Although the Court has concluded the Congress can prohibit the use of homegrown marijuana, it has not addressed the question of whether banning its usage for medical purposes infringes an individual rights to control one's health care decisions. The Raich case presented such an issue, but the Court declined to reach it because the lower court focused on the Commerce Clause question exclusively. Later, on remand, the liberal Ninth Circuit rejected such an argument.
Also, while many states prohibit marijuana under their own laws, states cannot enforce federal drug laws and have no obligation to design their own laws to conform with the federal prohibition (a California appeals court recently accepted this view that seems fairly uncomplicated under current doctrine). Accordingly, persons in states that permit the medical use marijuana would only face prosecution if federal authorities decided to pursue a case against them (which rarely happens with small users, rather than large distributors). These facts probably explain why voters continue to demand the enactment of such laws, despite a federal prohibition.

4 comments:

FLRN said...

Professor I'm glad you winked! The medicinal properties of pot are grossly exaggerated and poorly articulated by staunch defenders of the practice - Why? Because hallucinogenic have no "medicinal value" except perhaps as esoteric aroma therapy. Again state law makers (and those that didn't inhale) prove my point once more with absurd actions like these that they have limited resource capabilities to make good decisions regarding the administration of health care standards. (Shudder) The solution to our national health care crisis is going to have to come from within the industry where health care professionals are advocating a smoke free environment(and less smoke and mirrors)...but that I am sure is another blog...

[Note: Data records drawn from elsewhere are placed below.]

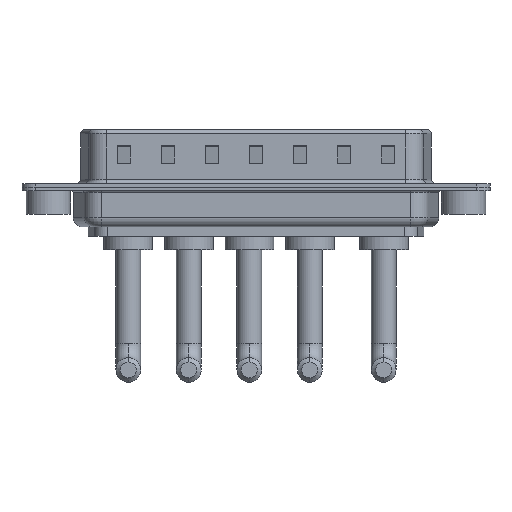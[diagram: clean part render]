
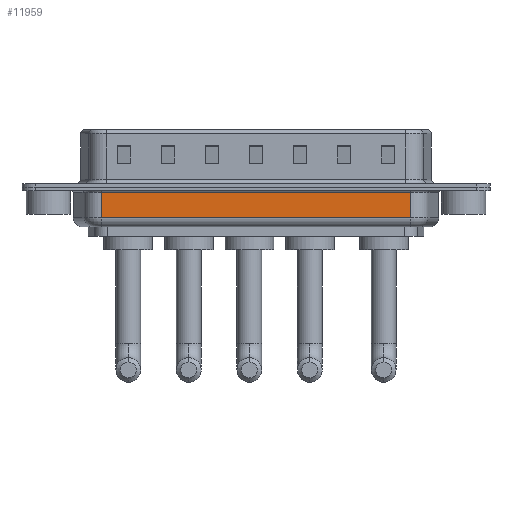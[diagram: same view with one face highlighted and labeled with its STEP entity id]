
A CAD part, front view. The second image highlights one B-rep face of the part: STEP entity #11959.
In plain terms, the highlighted planar face has unit normal (0, -1, 0).
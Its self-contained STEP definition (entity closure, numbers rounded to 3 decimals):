
#6 = CARTESIAN_POINT ( 'NONE',  ( 6.006, -5.35, -0.65 ) ) ;
#75 = LINE ( 'NONE', #6, #13695 ) ;
#182 = DIRECTION ( 'NONE',  ( 0., 0., 1. ) ) ;
#402 = LINE ( 'NONE', #1495, #7568 ) ;
#501 = EDGE_CURVE ( 'NONE', #9169, #1914, #75, .T. ) ;
#539 = CARTESIAN_POINT ( 'NONE',  ( 41.044, -5.35, -3.5 ) ) ;
#856 = CARTESIAN_POINT ( 'NONE',  ( 41.044, -5.35, -0.65 ) ) ;
#1017 = LINE ( 'NONE', #1961, #12485 ) ;
#1263 = DIRECTION ( 'NONE',  ( 0., 1., 0. ) ) ;
#1309 = DIRECTION ( 'NONE',  ( 1., 0., 0. ) ) ;
#1333 = VECTOR ( 'NONE', #1309, 1000. ) ;
#1495 = CARTESIAN_POINT ( 'NONE',  ( 6.006, -5.35, -4.5 ) ) ;
#1914 = VERTEX_POINT ( 'NONE', #3778 ) ;
#1961 = CARTESIAN_POINT ( 'NONE',  ( 41.044, -5.35, -4.5 ) ) ;
#2074 = CARTESIAN_POINT ( 'NONE',  ( 6.006, -5.35, -3.5 ) ) ;
#2430 = CARTESIAN_POINT ( 'NONE',  ( 6.006, -5.35, -4.5 ) ) ;
#3253 = ORIENTED_EDGE ( 'NONE', *, *, #10625, .T. ) ;
#3446 = FACE_OUTER_BOUND ( 'NONE', #10075, .T. ) ;
#3778 = CARTESIAN_POINT ( 'NONE',  ( 6.006, -5.35, -0.65 ) ) ;
#4341 = AXIS2_PLACEMENT_3D ( 'NONE', #2430, #1263, #9158 ) ;
#5654 = ORIENTED_EDGE ( 'NONE', *, *, #14226, .T. ) ;
#6739 = DIRECTION ( 'NONE',  ( -1., 0., 0. ) ) ;
#7452 = DIRECTION ( 'NONE',  ( 0., 0., 1. ) ) ;
#7568 = VECTOR ( 'NONE', #182, 1000. ) ;
#9158 = DIRECTION ( 'NONE',  ( 0., 0., 1. ) ) ;
#9169 = VERTEX_POINT ( 'NONE', #856 ) ;
#9512 = EDGE_CURVE ( 'NONE', #11734, #1914, #402, .T. ) ;
#10005 = LINE ( 'NONE', #13289, #1333 ) ;
#10075 = EDGE_LOOP ( 'NONE', ( #12424, #5654, #3253, #14148 ) ) ;
#10625 = EDGE_CURVE ( 'NONE', #11569, #9169, #1017, .T. ) ;
#11279 = PLANE ( 'NONE',  #4341 ) ;
#11569 = VERTEX_POINT ( 'NONE', #539 ) ;
#11734 = VERTEX_POINT ( 'NONE', #2074 ) ;
#11959 = ADVANCED_FACE ( 'NONE', ( #3446 ), #11279, .F. ) ;
#12424 = ORIENTED_EDGE ( 'NONE', *, *, #9512, .F. ) ;
#12485 = VECTOR ( 'NONE', #7452, 1000. ) ;
#13289 = CARTESIAN_POINT ( 'NONE',  ( 6.006, -5.35, -3.5 ) ) ;
#13695 = VECTOR ( 'NONE', #6739, 1000. ) ;
#14148 = ORIENTED_EDGE ( 'NONE', *, *, #501, .T. ) ;
#14226 = EDGE_CURVE ( 'NONE', #11734, #11569, #10005, .T. ) ;
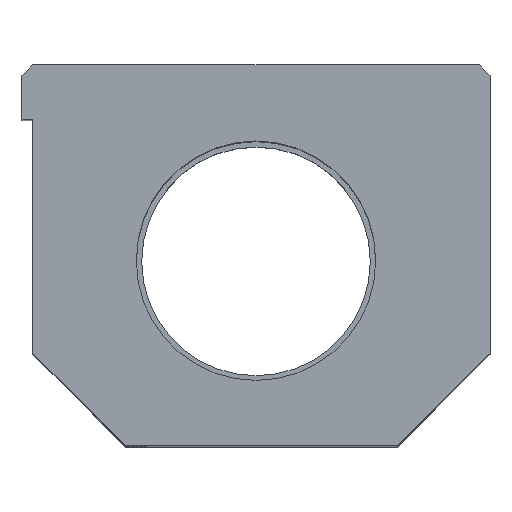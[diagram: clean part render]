
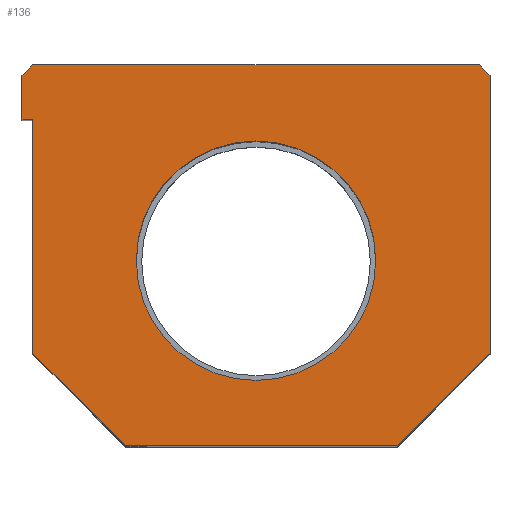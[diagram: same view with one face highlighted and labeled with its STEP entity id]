
A CAD part, top view. The second image highlights one B-rep face of the part: STEP entity #136.
In plain terms, the highlighted planar face has unit normal (0, 0, 1).
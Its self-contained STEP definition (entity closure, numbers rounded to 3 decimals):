
#136 = ADVANCED_FACE( '', ( #276, #277 ), #278, .T. );
#276 = FACE_BOUND( '', #419, .T. );
#277 = FACE_OUTER_BOUND( '', #420, .T. );
#278 = PLANE( '', #421 );
#419 = EDGE_LOOP( '', ( #884, #885 ) );
#420 = EDGE_LOOP( '', ( #886, #887, #888, #889, #890, #891, #892, #893, #894, #895 ) );
#421 = AXIS2_PLACEMENT_3D( '', #896, #897, #898 );
#884 = ORIENTED_EDGE( '', *, *, #1045, .T. );
#885 = ORIENTED_EDGE( '', *, *, #915, .T. );
#886 = ORIENTED_EDGE( '', *, *, #1046, .F. );
#887 = ORIENTED_EDGE( '', *, *, #1062, .F. );
#888 = ORIENTED_EDGE( '', *, *, #1059, .F. );
#889 = ORIENTED_EDGE( '', *, *, #1026, .F. );
#890 = ORIENTED_EDGE( '', *, *, #1031, .F. );
#891 = ORIENTED_EDGE( '', *, *, #1055, .F. );
#892 = ORIENTED_EDGE( '', *, *, #1020, .F. );
#893 = ORIENTED_EDGE( '', *, *, #1024, .F. );
#894 = ORIENTED_EDGE( '', *, *, #1053, .F. );
#895 = ORIENTED_EDGE( '', *, *, #1050, .F. );
#896 = CARTESIAN_POINT( '', ( 0., 0., 76. ) );
#897 = DIRECTION( '', ( 0., 0., 1. ) );
#898 = DIRECTION( '', ( 1., 0., 0. ) );
#915 = EDGE_CURVE( '', #1067, #1064, #1068, .T. );
#1020 = EDGE_CURVE( '', #1249, #1251, #1252, .T. );
#1024 = EDGE_CURVE( '', #1256, #1249, #1258, .T. );
#1026 = EDGE_CURVE( '', #1259, #1261, #1262, .T. );
#1031 = EDGE_CURVE( '', #1268, #1259, #1270, .T. );
#1045 = EDGE_CURVE( '', #1064, #1067, #1284, .T. );
#1046 = EDGE_CURVE( '', #1285, #1286, #1287, .T. );
#1050 = EDGE_CURVE( '', #1286, #1293, #1294, .T. );
#1053 = EDGE_CURVE( '', #1293, #1256, #1298, .T. );
#1055 = EDGE_CURVE( '', #1251, #1268, #1300, .T. );
#1059 = EDGE_CURVE( '', #1261, #1305, #1306, .T. );
#1062 = EDGE_CURVE( '', #1305, #1285, #1310, .T. );
#1064 = VERTEX_POINT( '', #1312 );
#1067 = VERTEX_POINT( '', #1316 );
#1068 = CIRCLE( '', #1317, 11. );
#1249 = VERTEX_POINT( '', #1592 );
#1251 = VERTEX_POINT( '', #1595 );
#1252 = LINE( '', #1596, #1597 );
#1256 = VERTEX_POINT( '', #1603 );
#1258 = LINE( '', #1606, #1607 );
#1259 = VERTEX_POINT( '', #1608 );
#1261 = VERTEX_POINT( '', #1611 );
#1262 = LINE( '', #1612, #1613 );
#1268 = VERTEX_POINT( '', #1622 );
#1270 = LINE( '', #1625, #1626 );
#1284 = CIRCLE( '', #1640, 11. );
#1285 = VERTEX_POINT( '', #1641 );
#1286 = VERTEX_POINT( '', #1642 );
#1287 = LINE( '', #1643, #1644 );
#1293 = VERTEX_POINT( '', #1653 );
#1294 = LINE( '', #1654, #1655 );
#1298 = LINE( '', #1661, #1662 );
#1300 = LINE( '', #1665, #1666 );
#1305 = VERTEX_POINT( '', #1674 );
#1306 = LINE( '', #1675, #1676 );
#1310 = LINE( '', #1682, #1683 );
#1312 = CARTESIAN_POINT( '', ( 0., 28., 76. ) );
#1316 = CARTESIAN_POINT( '', ( 0., 6., 76. ) );
#1317 = AXIS2_PLACEMENT_3D( '', #1687, #1688, #1689 );
#1592 = CARTESIAN_POINT( '', ( 21.5, 8.5, 76. ) );
#1595 = CARTESIAN_POINT( '', ( 13., 0., 76. ) );
#1596 = CARTESIAN_POINT( '', ( 13., 0., 76. ) );
#1597 = VECTOR( '', #1890, 1. );
#1603 = CARTESIAN_POINT( '', ( 21.5, 34., 76. ) );
#1606 = CARTESIAN_POINT( '', ( 21.5, 8.5, 76. ) );
#1607 = VECTOR( '', #1894, 1. );
#1608 = CARTESIAN_POINT( '', ( -20.5, 8.5, 76. ) );
#1611 = CARTESIAN_POINT( '', ( -20.5, 30., 76. ) );
#1612 = CARTESIAN_POINT( '', ( -20.5, 30., 76. ) );
#1613 = VECTOR( '', #1896, 1. );
#1622 = CARTESIAN_POINT( '', ( -12., 0., 76. ) );
#1625 = CARTESIAN_POINT( '', ( -20.5, 8.5, 76. ) );
#1626 = VECTOR( '', #1901, 1. );
#1640 = AXIS2_PLACEMENT_3D( '', #1941, #1942, #1943 );
#1641 = CARTESIAN_POINT( '', ( -21.5, 34., 76. ) );
#1642 = CARTESIAN_POINT( '', ( -20.5, 35., 76. ) );
#1643 = CARTESIAN_POINT( '', ( -20.5, 35., 76. ) );
#1644 = VECTOR( '', #1944, 1. );
#1653 = CARTESIAN_POINT( '', ( 20.5, 35., 76. ) );
#1654 = CARTESIAN_POINT( '', ( 20.5, 35., 76. ) );
#1655 = VECTOR( '', #1948, 1. );
#1661 = CARTESIAN_POINT( '', ( 21.5, 34., 76. ) );
#1662 = VECTOR( '', #1951, 1. );
#1665 = CARTESIAN_POINT( '', ( -12., 0., 76. ) );
#1666 = VECTOR( '', #1953, 1. );
#1674 = CARTESIAN_POINT( '', ( -21.5, 30., 76. ) );
#1675 = CARTESIAN_POINT( '', ( -21.5, 30., 76. ) );
#1676 = VECTOR( '', #1957, 1. );
#1682 = CARTESIAN_POINT( '', ( -21.5, 34., 76. ) );
#1683 = VECTOR( '', #1960, 1. );
#1687 = CARTESIAN_POINT( '', ( 0., 17., 76. ) );
#1688 = DIRECTION( '', ( 0., 0., -1. ) );
#1689 = DIRECTION( '', ( 0., 1., 0. ) );
#1890 = DIRECTION( '', ( -0.707, -0.707, 0. ) );
#1894 = DIRECTION( '', ( 0., -1., 0. ) );
#1896 = DIRECTION( '', ( 0., 1., 0. ) );
#1901 = DIRECTION( '', ( -0.707, 0.707, 0. ) );
#1941 = CARTESIAN_POINT( '', ( 0., 17., 76. ) );
#1942 = DIRECTION( '', ( 0., 0., -1. ) );
#1943 = DIRECTION( '', ( 0., 1., 0. ) );
#1944 = DIRECTION( '', ( 0.707, 0.707, 0. ) );
#1948 = DIRECTION( '', ( 1., 0., 0. ) );
#1951 = DIRECTION( '', ( 0.707, -0.707, 0. ) );
#1953 = DIRECTION( '', ( -1., 0., 0. ) );
#1957 = DIRECTION( '', ( -1., 0., 0. ) );
#1960 = DIRECTION( '', ( 0., 1., 0. ) );

Darren Lenard Hutchinson said...

Yes! My post was primarily on the interesting fact of states pushing these laws, despite the federal ban (which probably means the feds rarely enforce drug laws against medical users). But I agree that these laws are really part of a larger movement to decriminalize marijuana. Regardless of the merits of that movement (the government could probably use its money in more meaningful ways), I think it's hard to deny what is really going on. There are so many ways to treat pain and lack of appetite than to prescribe marijuana.